## TASK PROMPT
What lines of the material below include the string "passage"? Copy all of them.

## AVAILABLE DATA
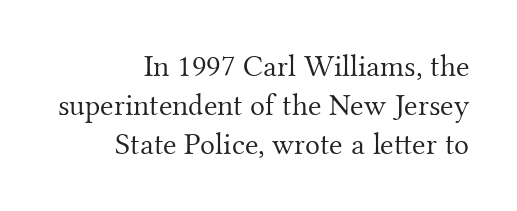
Q: Is the text bold? A: No.
Q: Is the text italic (slanted)? A: No, it is upright.
Q: Is the typeface a serif or a sans-serif typeface? A: Serif.
Q: Is the text underlined? A: No.
Q: How is the paragraph aligned? A: Right-aligned.
Q: Is the spacing between letters normal or unusually wide? A: Normal.
Q: Is the spacing between lines tight, normal or loose? A: Normal.
Q: Width (condensed, normal, or wide)? A: Normal.
Q: Stroke contrast? A: Medium.
Q: x-height? A: Small.
Q: Monospaced? A: No.
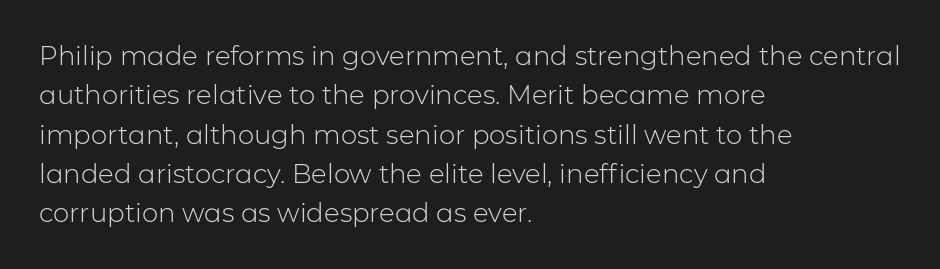
A typesetter would mark this as roman, not italic. Does the leading feel generous? No, just average. The typesetter chose a ragged-right arrangement here. The gaps between neighbouring characters are ordinary and unremarkable. Is this a heavy cut? Hardly; it is regular or lighter. The space directly below the letters is spotless.
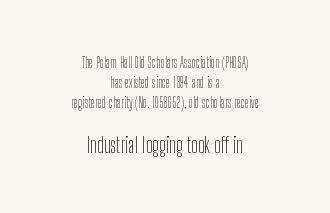
The image shows 22 px text type, upright; set centered, normal line spacing (1.42x), normal letter spacing, not underlined; the second (bottom) block is 1.57x larger.
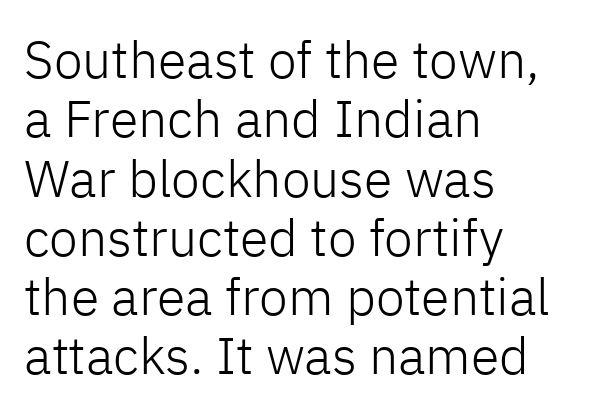
Q: Is the text bold? A: No.
Q: Is the text italic (slanted)? A: No, it is upright.
Q: Is the typeface a serif or a sans-serif typeface? A: Sans-serif.
Q: Is the text underlined? A: No.
Q: How is the paragraph aligned? A: Left-aligned.
Q: Is the spacing between letters normal or unusually wide? A: Normal.
Q: Is the spacing between lines tight, normal or loose? A: Tight.
Q: Width (condensed, normal, or wide)? A: Normal.
Q: Stroke contrast? A: Low.
Q: x-height? A: Medium.
Q: Monospaced? A: No.
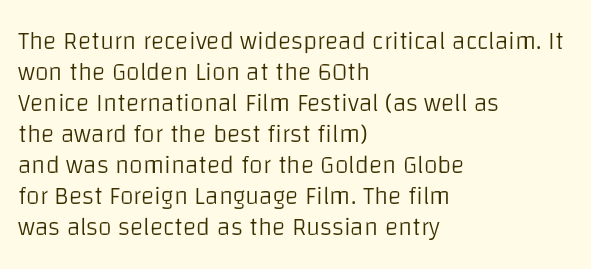
A light-to-regular cut is what we see here. Clear beneath every line of the passage. Vertical strokes here are truly vertical. The passage shown has conventional tracking throughout. Leftover space on each line is placed entirely after the last word.
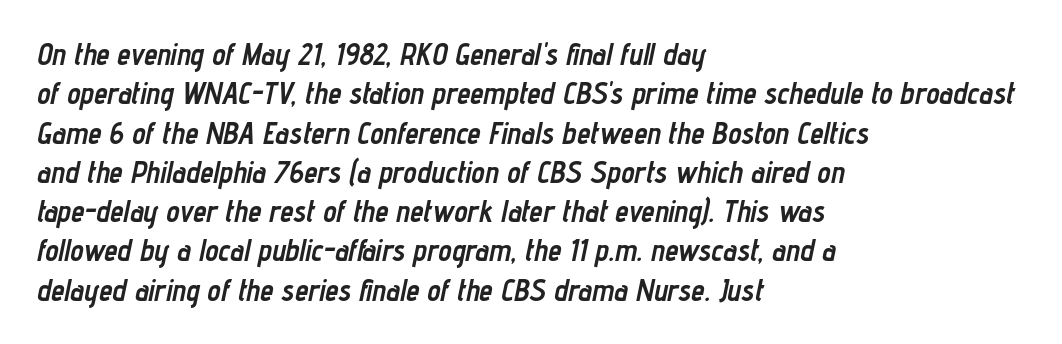
The area under the type is left untouched. What stands out about the letter spacing? Nothing — it is the standard amount. Spacing verdict: proportional, widths tailored to each character. Casual observation: everything's shoved over to the left.
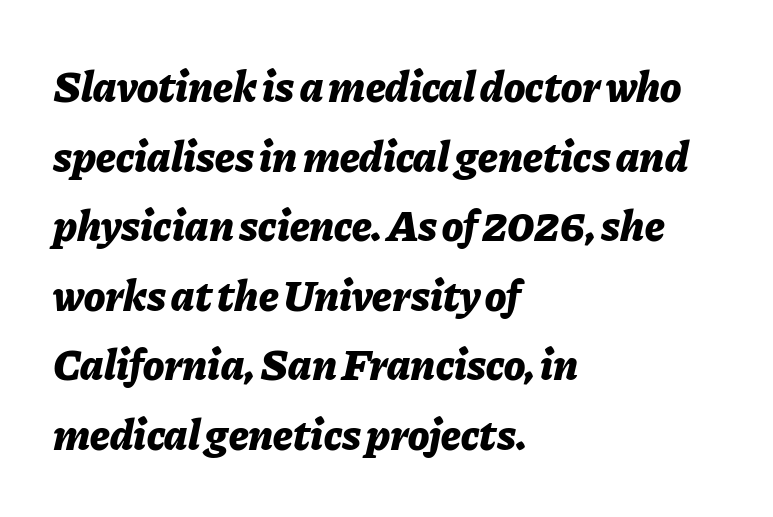
Regular leading. The passage shown is typed in a proportional face where columns would drift. Spacing between characters is what you'd get straight out of the box. Each row of text sits above clean, open space. Plenty of ink on the page — the face is bold. The glyphs look as if they've been sheared to an angle.
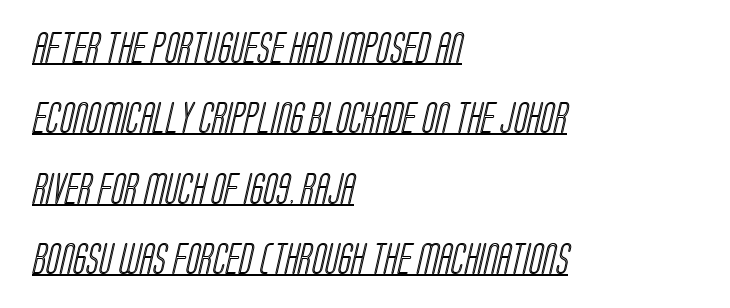
Q: Is the text underlined? A: Yes.
Q: How is the paragraph aligned? A: Left-aligned.
Q: Is the spacing between letters normal or unusually wide? A: Normal.
Q: Is the spacing between lines tight, normal or loose? A: Loose.
Q: Width (condensed, normal, or wide)? A: Condensed.
Q: x-height? A: Large.
Q: Monospaced? A: No.
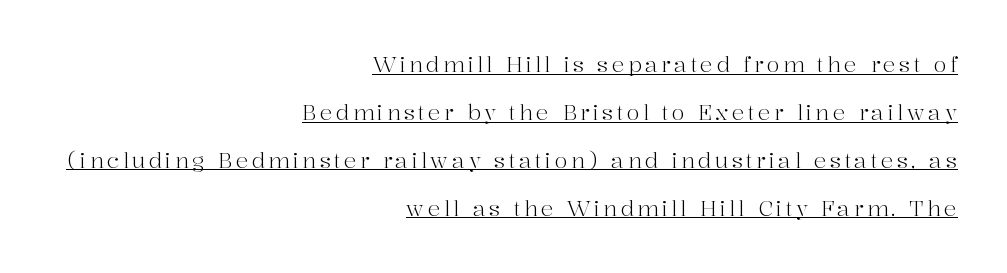
Q: Is the text bold? A: No.
Q: Is the text italic (slanted)? A: No, it is upright.
Q: Is the text underlined? A: Yes.
Q: How is the paragraph aligned? A: Right-aligned.
Q: Is the spacing between lines tight, normal or loose? A: Loose.
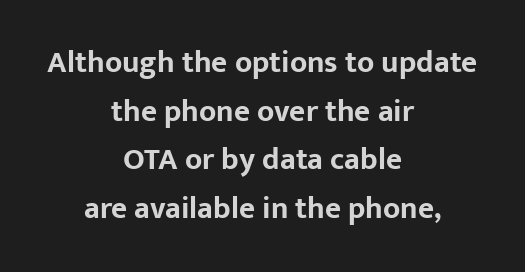
The image shows 31 px bold sans-serif type, upright; set centered, normal line spacing (1.57x), normal letter spacing, not underlined; low stroke contrast and a medium x-height.
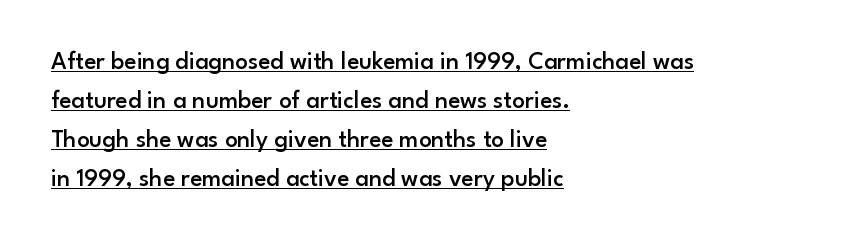
{"italic": "no", "bold": "semi", "underline": "yes", "align": "left", "line_spacing": "normal", "line_spacing_ratio": 1.56, "letter_spacing": "normal", "letter_spacing_em": 0.0, "glyph_px": 25}
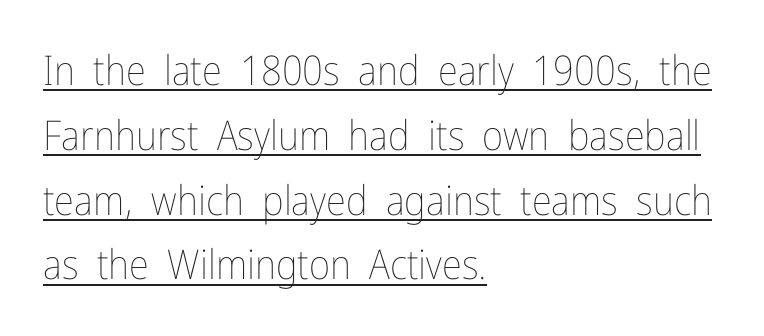
Q: Is the text bold? A: No.
Q: Is the text italic (slanted)? A: No, it is upright.
Q: Is the text underlined? A: Yes.
Q: How is the paragraph aligned? A: Left-aligned.
Q: Is the spacing between letters normal or unusually wide? A: Normal.
Q: Is the spacing between lines tight, normal or loose? A: Normal.
Q: Width (condensed, normal, or wide)? A: Condensed.
Q: Stroke contrast? A: Low.
Q: x-height? A: Medium.
Q: Monospaced? A: No.

## RESPONSE TO THE TASK
A light-to-regular cut is what we see here. Clear beneath every line of the passage. Vertical strokes here are truly vertical. The passage shown has conventional tracking throughout. Leftover space on each line is placed entirely after the last word.
Regular leading. The passage shown is typed in a proportional face where columns would drift. Spacing between characters is what you'd get straight out of the box. Each row of text sits above clean, open space. Plenty of ink on the page — the face is bold. The glyphs look as if they've been sheared to an angle.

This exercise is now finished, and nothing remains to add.